Source information:

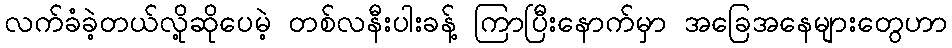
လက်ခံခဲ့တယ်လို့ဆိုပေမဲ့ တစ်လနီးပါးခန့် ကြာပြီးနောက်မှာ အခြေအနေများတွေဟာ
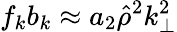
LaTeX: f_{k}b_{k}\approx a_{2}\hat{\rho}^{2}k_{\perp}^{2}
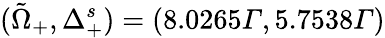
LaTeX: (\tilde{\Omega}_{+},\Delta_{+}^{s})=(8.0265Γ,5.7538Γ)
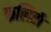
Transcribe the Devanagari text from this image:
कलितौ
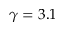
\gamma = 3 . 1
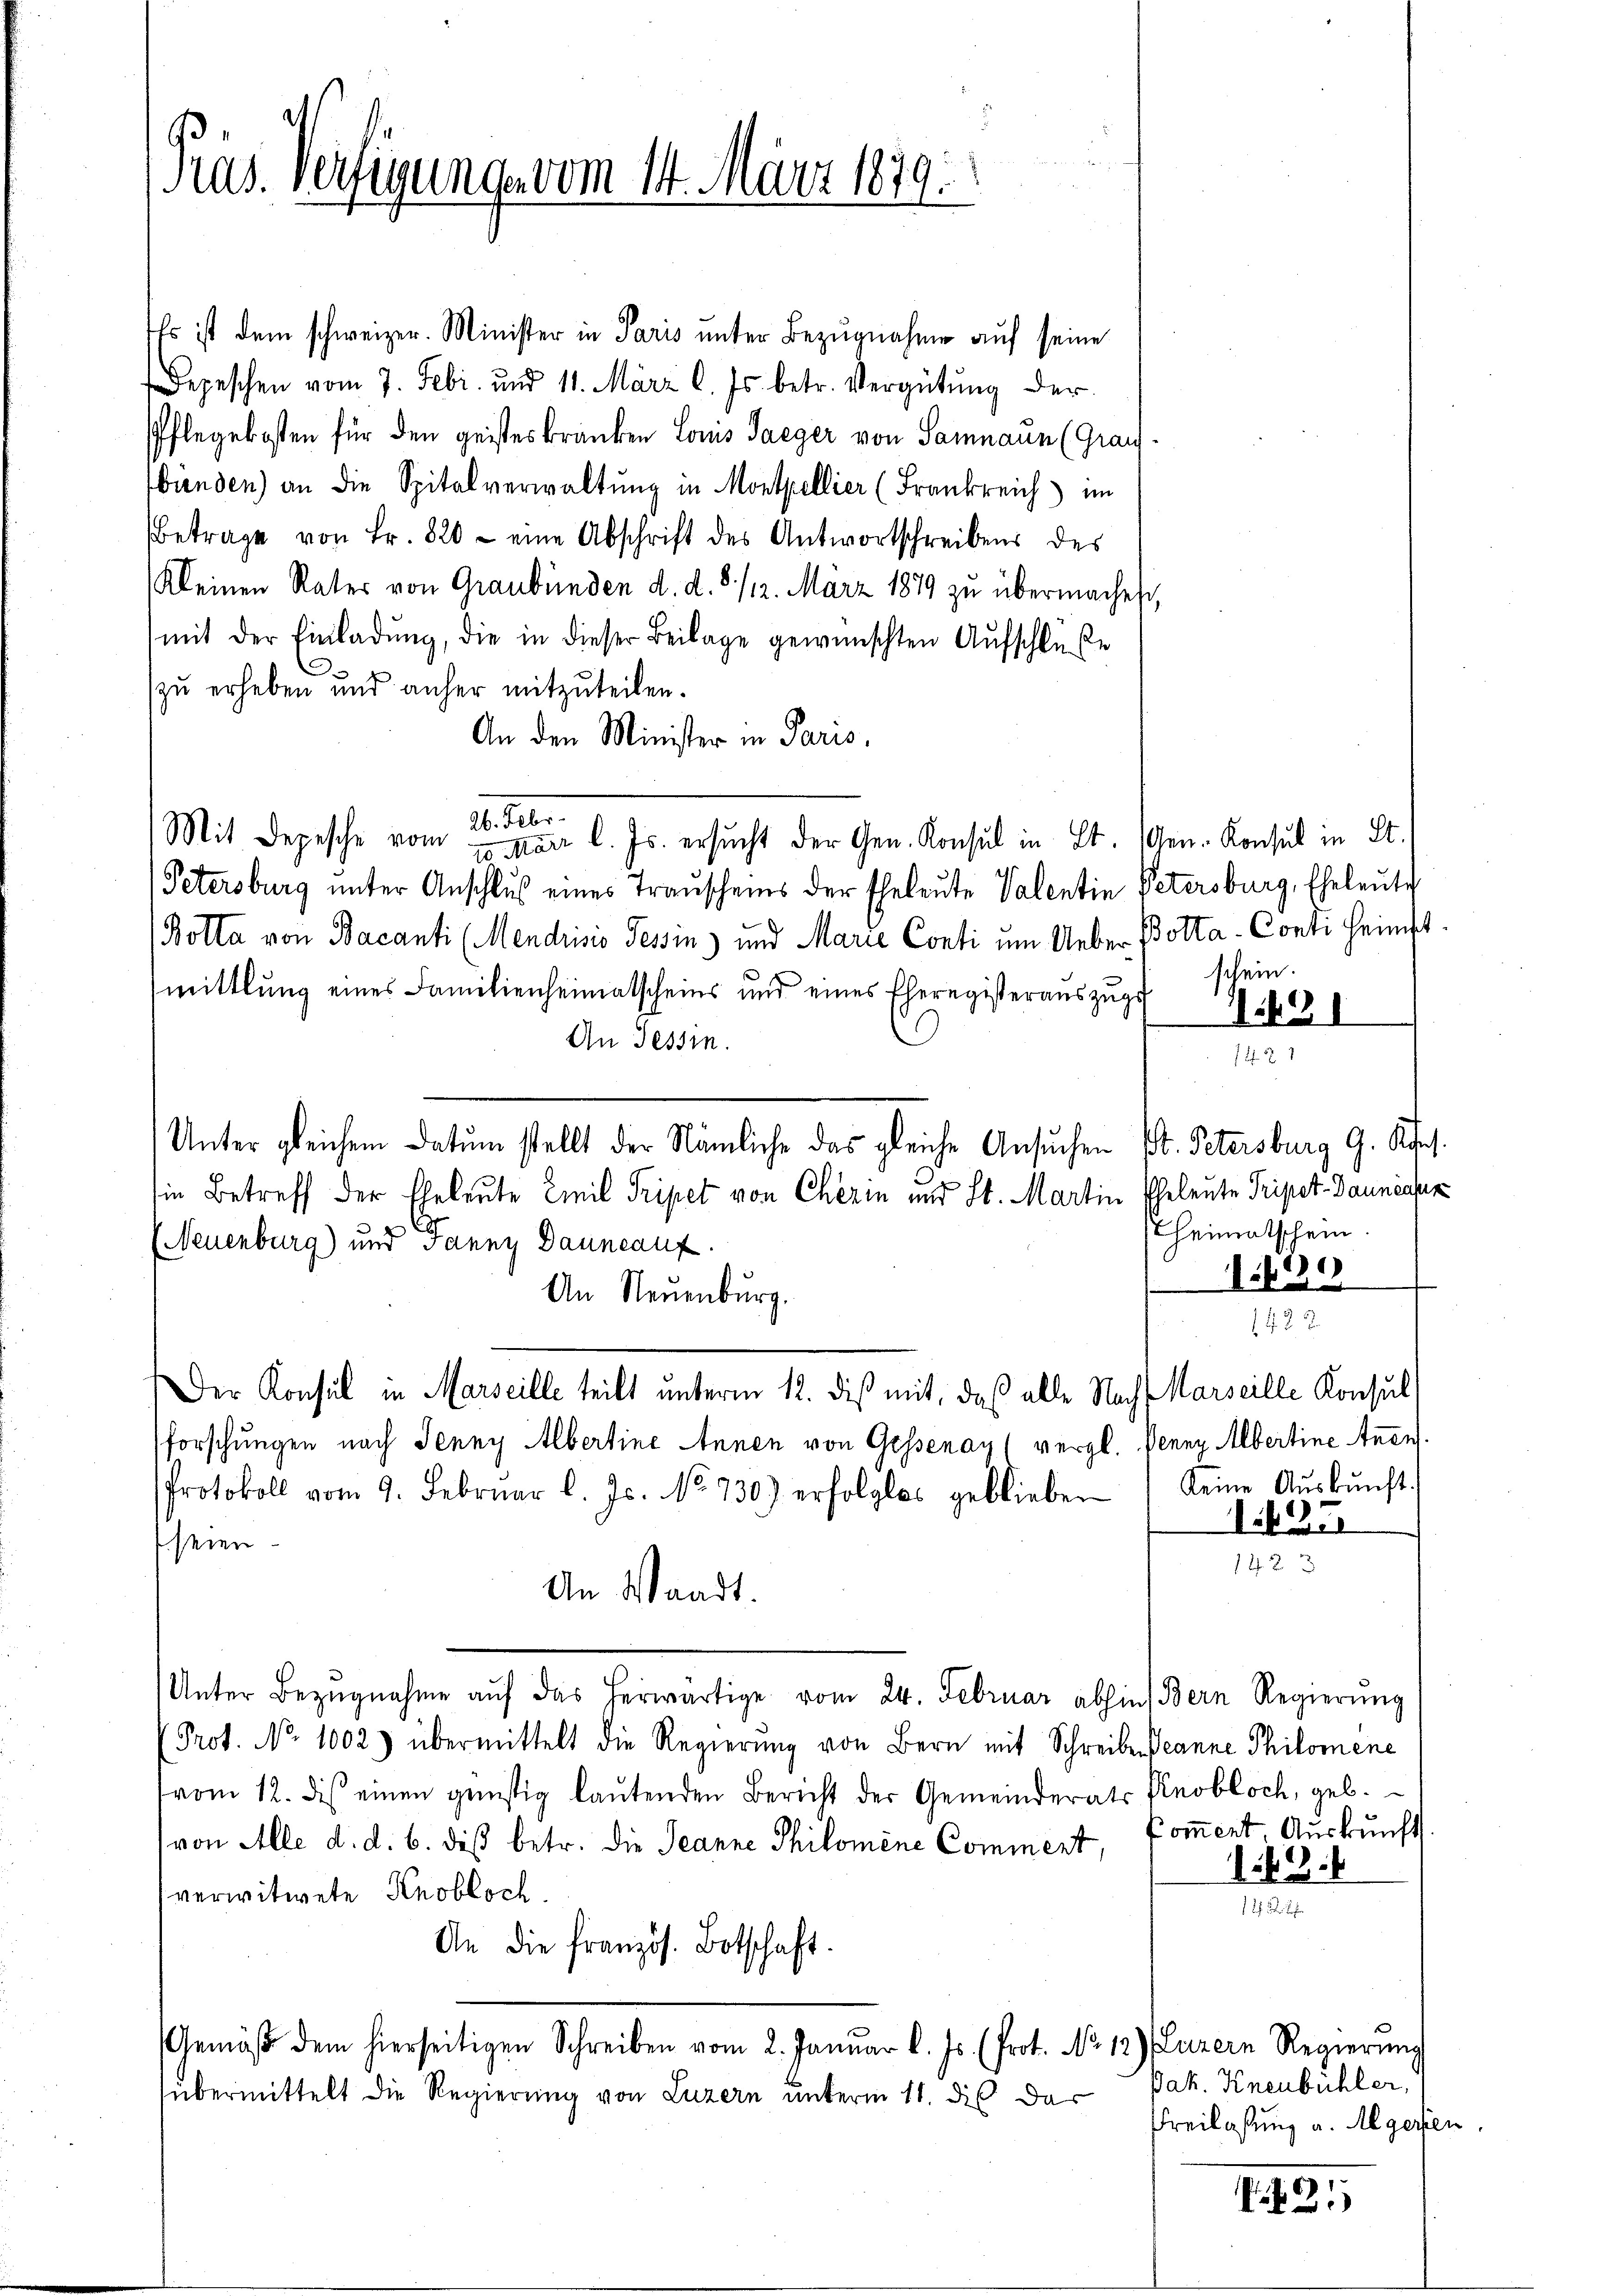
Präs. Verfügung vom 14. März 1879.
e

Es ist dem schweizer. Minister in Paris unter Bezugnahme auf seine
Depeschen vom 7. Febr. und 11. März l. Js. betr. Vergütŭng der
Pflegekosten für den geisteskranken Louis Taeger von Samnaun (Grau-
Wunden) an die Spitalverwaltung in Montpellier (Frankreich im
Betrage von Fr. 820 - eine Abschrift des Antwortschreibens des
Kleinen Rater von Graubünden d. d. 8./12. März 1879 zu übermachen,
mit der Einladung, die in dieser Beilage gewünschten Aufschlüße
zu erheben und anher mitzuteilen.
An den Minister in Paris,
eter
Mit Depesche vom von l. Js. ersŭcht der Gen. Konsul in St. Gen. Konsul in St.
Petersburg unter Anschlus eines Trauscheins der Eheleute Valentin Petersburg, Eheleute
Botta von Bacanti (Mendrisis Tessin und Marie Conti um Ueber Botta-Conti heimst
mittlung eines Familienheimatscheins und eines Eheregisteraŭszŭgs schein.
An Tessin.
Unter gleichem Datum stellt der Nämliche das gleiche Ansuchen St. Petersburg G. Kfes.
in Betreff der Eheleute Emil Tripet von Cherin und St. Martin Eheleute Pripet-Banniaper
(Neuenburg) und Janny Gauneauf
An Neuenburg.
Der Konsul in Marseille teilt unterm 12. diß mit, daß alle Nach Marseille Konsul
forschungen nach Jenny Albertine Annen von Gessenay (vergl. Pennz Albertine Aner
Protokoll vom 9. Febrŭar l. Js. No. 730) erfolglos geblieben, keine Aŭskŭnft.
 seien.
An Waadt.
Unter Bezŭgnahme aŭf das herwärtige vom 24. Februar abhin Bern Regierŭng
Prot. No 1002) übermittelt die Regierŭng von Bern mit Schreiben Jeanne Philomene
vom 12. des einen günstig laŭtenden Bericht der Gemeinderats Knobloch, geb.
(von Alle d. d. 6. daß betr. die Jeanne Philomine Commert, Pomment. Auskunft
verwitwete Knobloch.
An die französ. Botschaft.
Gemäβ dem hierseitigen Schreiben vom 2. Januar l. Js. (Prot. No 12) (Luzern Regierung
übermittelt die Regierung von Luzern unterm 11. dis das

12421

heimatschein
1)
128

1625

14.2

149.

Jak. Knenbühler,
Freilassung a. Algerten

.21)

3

How to complete this task:
Look through the entries above, and wherever a line holds the string "Minister", copy it.

Task solution:
Es ist dem schweizer. Minister in Paris unter Bezugnahme auf seine
An den Minister in Paris,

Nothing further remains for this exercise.